Este movimiento idiota viene de arriba, de las élites. ¿Es la Nueva Derecha la rebelión, la respuesta contra este totalitarismo?
De hecho, de esa manera termino el libro, proponiendo un modelo de rebeldía frente al imperio del idiota y, por supuesto, de sus titiriteros: las élites que lo utilizan. Y es que, si hay algo que reproduce el statu quo, el orden establecido, eso es el progresismo globalista.

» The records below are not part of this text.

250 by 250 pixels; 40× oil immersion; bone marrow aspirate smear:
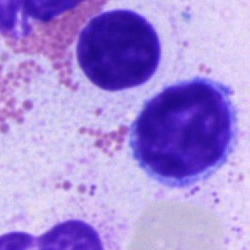 Q: Identify the cell.
A: It is a typical lymphocyte.
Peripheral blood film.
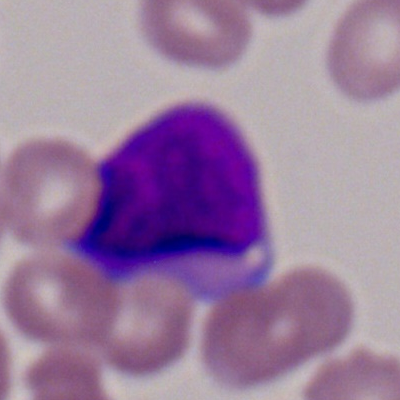

Impression — myeloblast.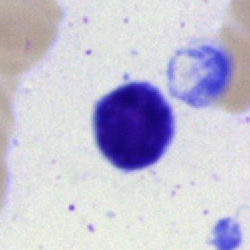 Cell = lymphocyte.
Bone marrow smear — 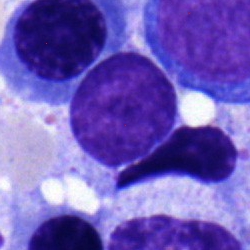

Q: What cell is this?
A: A lymphocyte.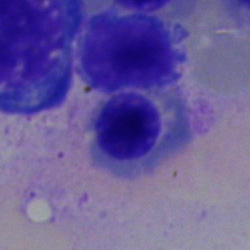

This is a nucleated red cell.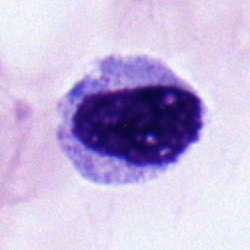
Morphology — myelocyte.
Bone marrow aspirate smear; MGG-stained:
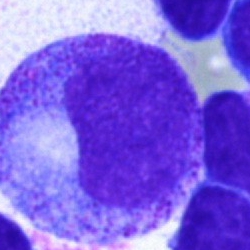
{"cell_type": "promyelocyte", "lineage": "myeloid"}
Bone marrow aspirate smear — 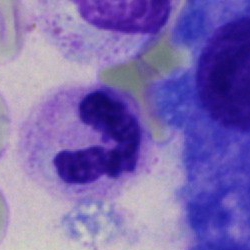
Q: What cell is this?
A: This is a segmented neutrophil.
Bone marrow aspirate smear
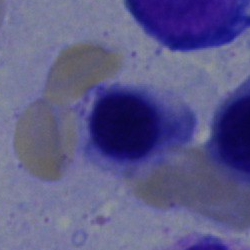

Morphological class — normoblast.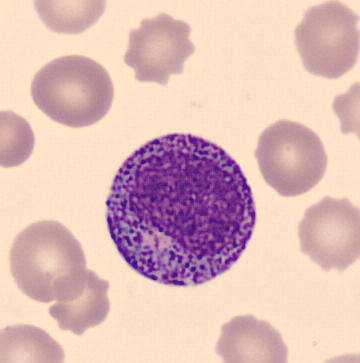

Specimen: peripheral blood film.
Morphological class: promyelocyte.
Lineage: myeloid. May-Grünwald-Giemsa-stained.
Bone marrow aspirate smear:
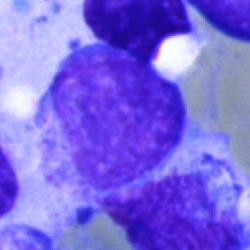Q: What is the morphological classification of this cell?
A: It is an unidentifiable cell.
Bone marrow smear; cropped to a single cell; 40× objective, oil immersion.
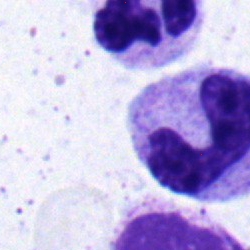Showing a segmented neutrophil.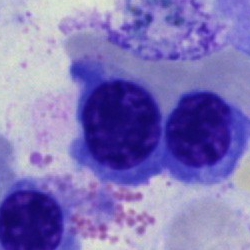

Specimen: bone marrow smear.
Classification: nucleated red blood cell.
Lineage: erythroid.
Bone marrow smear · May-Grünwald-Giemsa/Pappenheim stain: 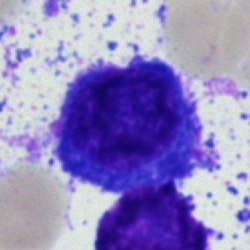Morphology consistent with a plasma cell.
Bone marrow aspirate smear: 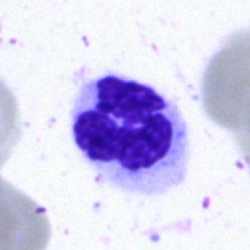
Cell: neutrophil (segmented).
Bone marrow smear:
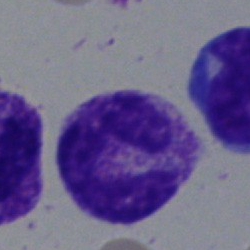Showing a polymorphonuclear neutrophil.
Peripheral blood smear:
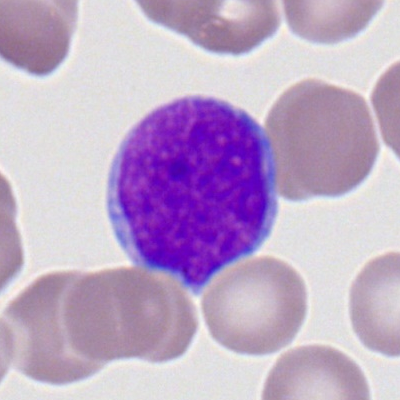

This is a myeloid blast.
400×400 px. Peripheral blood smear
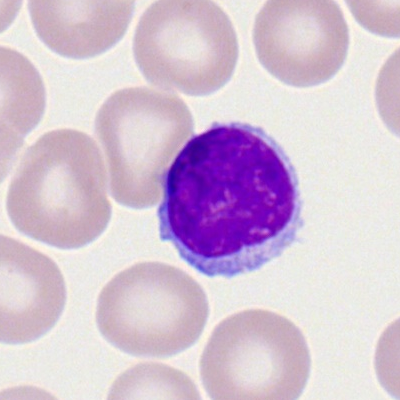

Morphological class: lymphocyte.
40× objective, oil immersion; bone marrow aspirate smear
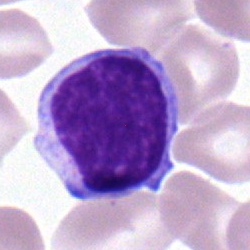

Fíjese qué cómodos que se sienten todos esos neoizquierdistas en los foros de las élites globales; qué cómodos que se sienten con la producción de las grandes corporaciones del entretenimiento; qué cómodos que se sienten con los mensajes que suelen ofrecer las estrellas de la farándula; qué cómodos que se sienten con las fundaciones de los metacapitalistas; qué cómodos que se sienten con los organismos internacionales más poderosos del planeta; qué cómodos que se sienten con los “nuevos valores” de las empresas multinacionales, que venden ideología woke en cada una de sus publicidades; qué cómodos que se sienten en las usinas del establishment académico; qué cómodos que se sienten, en fin, con todo lo que detente poder político, social y económico.
Frente a esta realidad, la Nueva Derecha, más que simplemente “conservadora”, es enteramente subversiva. En efecto, sueña con subvertir el dominio de esas élites. Ojalá ese sueño alguna vez pueda, en algún grado al menos, volverse realidad.